On 15 November 2016, the Luxembourg Parliament adopted the Law on certain rules governing actions for damages for competition law infringements and amending the amended Law of 23 October 2011 on competition (“Law”). It implements Directive 2014/104/EU of 26 November 2014 on antitrust damages actions (“Directive”).
The Law reflects the objectives of the Directive: improving the effectiveness of private enforcement as to infringements of European Union and national competition law and fine-tuning the interplay between private damages actions and public enforcement by the European Commission and national competition authorities.
On the one hand, the Law facilitates actions for damages through the introduction of certain specific procedural rules.
First, their exercise is simplified by a set of presumptions with respect to the existence of an infringement of competition law and its effects:
- an irrebuttable presumption of its existence in the event of an infringement of competition law found by a final decision of the Competition Council;
- evidence of the fact that such an infringement has occurred when it is established by a final decision of a competition authority of another Member State;
- a rebuttable presumption that cartel infringements cause harm; and
- a rebuttable presumption for the indirect purchaser who introduces an action for damages that the overcharge resulting from a competition law infringement has been passed on to him, the defendant having for his part, however, the possibility to invoke as a defence, in an action for damages introduced by a direct purchaser, that the latter passed on such an overcharge to a lower level of the distribution chain.

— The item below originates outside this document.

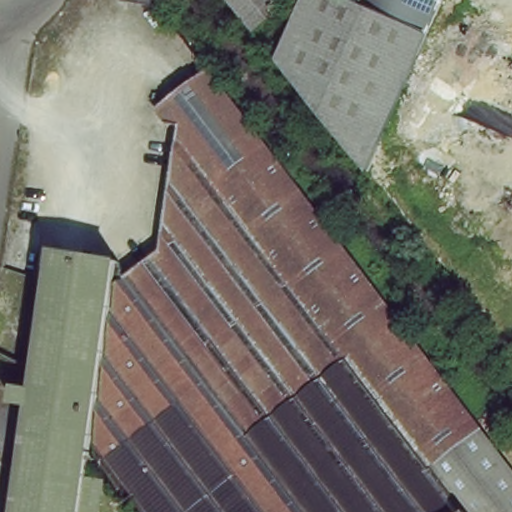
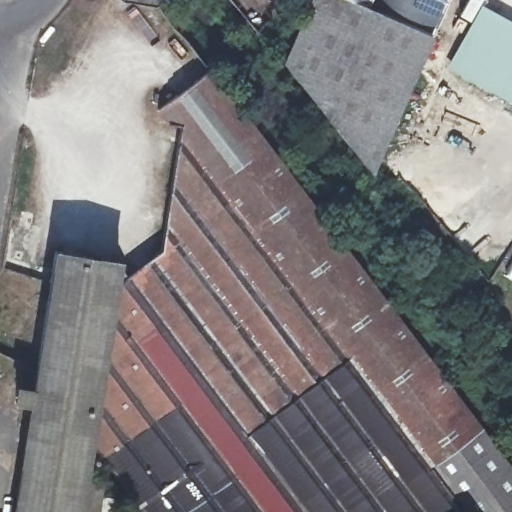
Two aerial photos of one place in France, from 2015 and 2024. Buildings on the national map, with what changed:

Second, access to evidence, essential for competition law-based claims, is facilitated through certain disclosure rules. Upon request of the claimant, a judge may, under certain conditions relating to the proportionality of such a request, order the disclosure of information, including with respect to evidence in the file of a competition authority. However, considering their importance for the public enforcement of competition law, statements made by companies for the purpose of a leniency application and settlement submissions are protected: they cannot be subject to a disclosure order and evidence related to them obtained solely through access to the file of a competition authority is inadmissible. Other evidence, including that established by a competition authority and sent to the parties in the course of proceedings, cannot be disclosed until that authority has closed its proceedings. In any event, the production of confidential evidence ordered by a judge is subject to certain protective measures.

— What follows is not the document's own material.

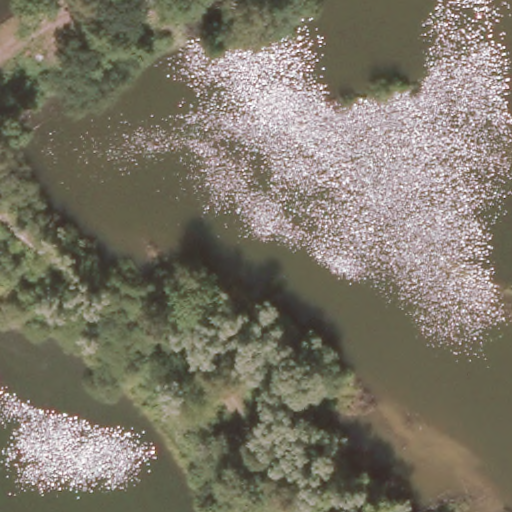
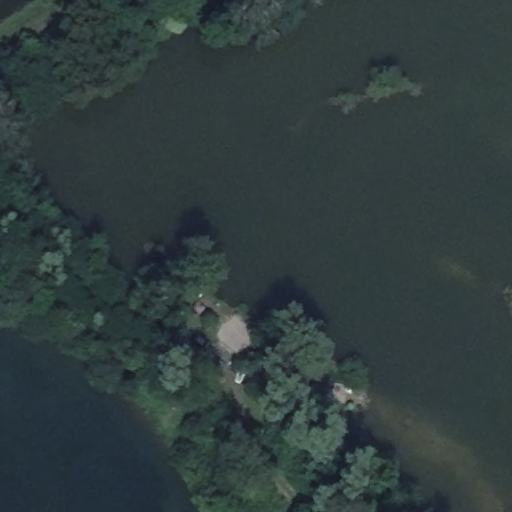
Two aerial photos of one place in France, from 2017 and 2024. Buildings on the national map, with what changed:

Third, with the exception of certain specific rules applicable to small and medium-sized undertakings and immunity recipients, joint and several liability of undertakings which have infringed competition law through joint behaviour allows the injured party to require full compensation from any of them until it has been fully compensated.

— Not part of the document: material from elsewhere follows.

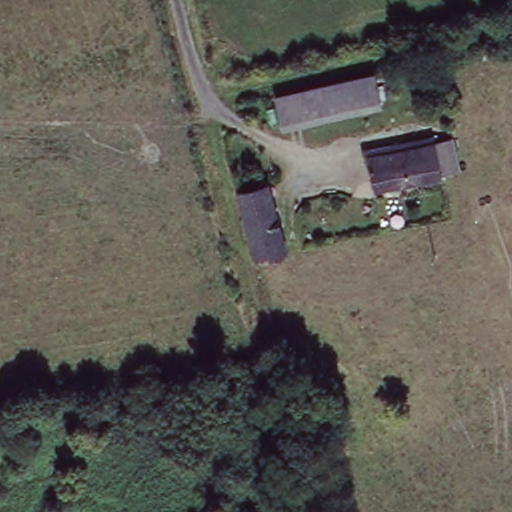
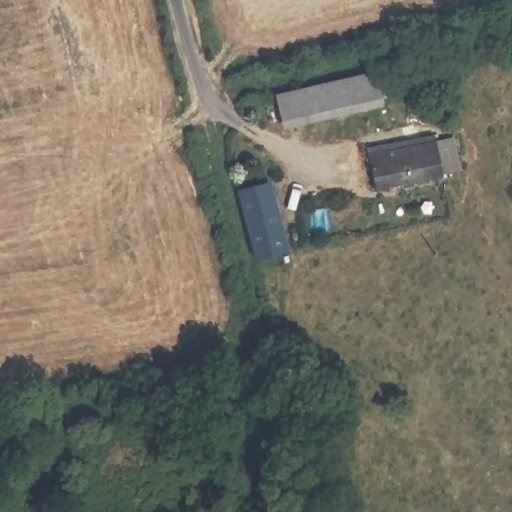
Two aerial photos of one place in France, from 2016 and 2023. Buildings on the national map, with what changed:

Fourth, whereas the Directive imposes on Member States to ensure that limitation periods for bringing actions for damages are of at least five years, the Law refers in this respect to Luxembourgish general procedural law principles, which provide for a ten-year limitation period for commercial claims.
On the other hand, the Law encourages consensual dispute resolution. In accordance with the Directive, it provides for the suspension of the limitation period to bring an action for damages for the duration of the consensual dispute resolution process and the suspension of the proceedings relating to the action for damages during a maximum period of two years. In addition, certain rules govern the exercise of the remaining claim of the settling injured party.
Lastly, it is worth noting that the Law does not enact provisions relating to collective redress despite a Commission Recommendation of 11 June 2013 on collective redress inviting Member States to introduce mechanisms allowing for collective damages actions.